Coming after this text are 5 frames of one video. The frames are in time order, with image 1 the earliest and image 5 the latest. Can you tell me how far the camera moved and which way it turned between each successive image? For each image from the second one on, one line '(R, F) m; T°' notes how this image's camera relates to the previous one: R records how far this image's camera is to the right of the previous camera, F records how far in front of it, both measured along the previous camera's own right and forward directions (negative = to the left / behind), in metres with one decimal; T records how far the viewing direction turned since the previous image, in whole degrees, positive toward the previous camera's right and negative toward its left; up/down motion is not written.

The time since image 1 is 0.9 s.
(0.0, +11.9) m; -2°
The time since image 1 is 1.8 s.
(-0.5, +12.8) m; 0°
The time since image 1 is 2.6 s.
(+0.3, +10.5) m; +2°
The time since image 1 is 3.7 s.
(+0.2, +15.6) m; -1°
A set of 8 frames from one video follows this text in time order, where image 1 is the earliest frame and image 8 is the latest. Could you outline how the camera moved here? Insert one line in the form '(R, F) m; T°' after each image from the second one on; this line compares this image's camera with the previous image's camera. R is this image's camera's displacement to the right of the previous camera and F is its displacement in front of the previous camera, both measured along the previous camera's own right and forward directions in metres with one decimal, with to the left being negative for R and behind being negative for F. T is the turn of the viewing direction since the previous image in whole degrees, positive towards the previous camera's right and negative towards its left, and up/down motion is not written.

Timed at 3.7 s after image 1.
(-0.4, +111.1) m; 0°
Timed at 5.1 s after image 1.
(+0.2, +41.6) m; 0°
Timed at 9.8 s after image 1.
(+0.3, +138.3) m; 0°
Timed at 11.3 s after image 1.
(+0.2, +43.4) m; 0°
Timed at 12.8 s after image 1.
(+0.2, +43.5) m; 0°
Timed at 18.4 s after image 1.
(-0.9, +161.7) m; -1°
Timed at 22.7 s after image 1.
· · · · · · ·
### Problem
Return the material in full, exactly as shown.

### Written answer
Coming after this text are 5 frames of one video. The frames are in time order, with image 1 the earliest and image 5 the latest. Can you tell me how far the camera moved and which way it turned between each successive image? For each image from the second one on, one line '(R, F) m; T°' notes how this image's camera relates to the previous one: R records how far this image's camera is to the right of the previous camera, F records how far in front of it, both measured along the previous camera's own right and forward directions (negative = to the left / behind), in metres with one decimal; T records how far the viewing direction turned since the previous image, in whole degrees, positive toward the previous camera's right and negative toward its left; up/down motion is not written.

The time since image 1 is 0.9 s.
(0.0, +11.9) m; -2°
The time since image 1 is 1.8 s.
(-0.5, +12.8) m; 0°
The time since image 1 is 2.6 s.
(+0.3, +10.5) m; +2°
The time since image 1 is 3.7 s.
(+0.2, +15.6) m; -1°
A set of 8 frames from one video follows this text in time order, where image 1 is the earliest frame and image 8 is the latest. Could you outline how the camera moved here? Insert one line in the form '(R, F) m; T°' after each image from the second one on; this line compares this image's camera with the previous image's camera. R is this image's camera's displacement to the right of the previous camera and F is its displacement in front of the previous camera, both measured along the previous camera's own right and forward directions in metres with one decimal, with to the left being negative for R and behind being negative for F. T is the turn of the viewing direction since the previous image in whole degrees, positive towards the previous camera's right and negative towards its left, and up/down motion is not written.

Timed at 3.7 s after image 1.
(-0.4, +111.1) m; 0°
Timed at 5.1 s after image 1.
(+0.2, +41.6) m; 0°
Timed at 9.8 s after image 1.
(+0.3, +138.3) m; 0°
Timed at 11.3 s after image 1.
(+0.2, +43.4) m; 0°
Timed at 12.8 s after image 1.
(+0.2, +43.5) m; 0°
Timed at 18.4 s after image 1.
(-0.9, +161.7) m; -1°
Timed at 22.7 s after image 1.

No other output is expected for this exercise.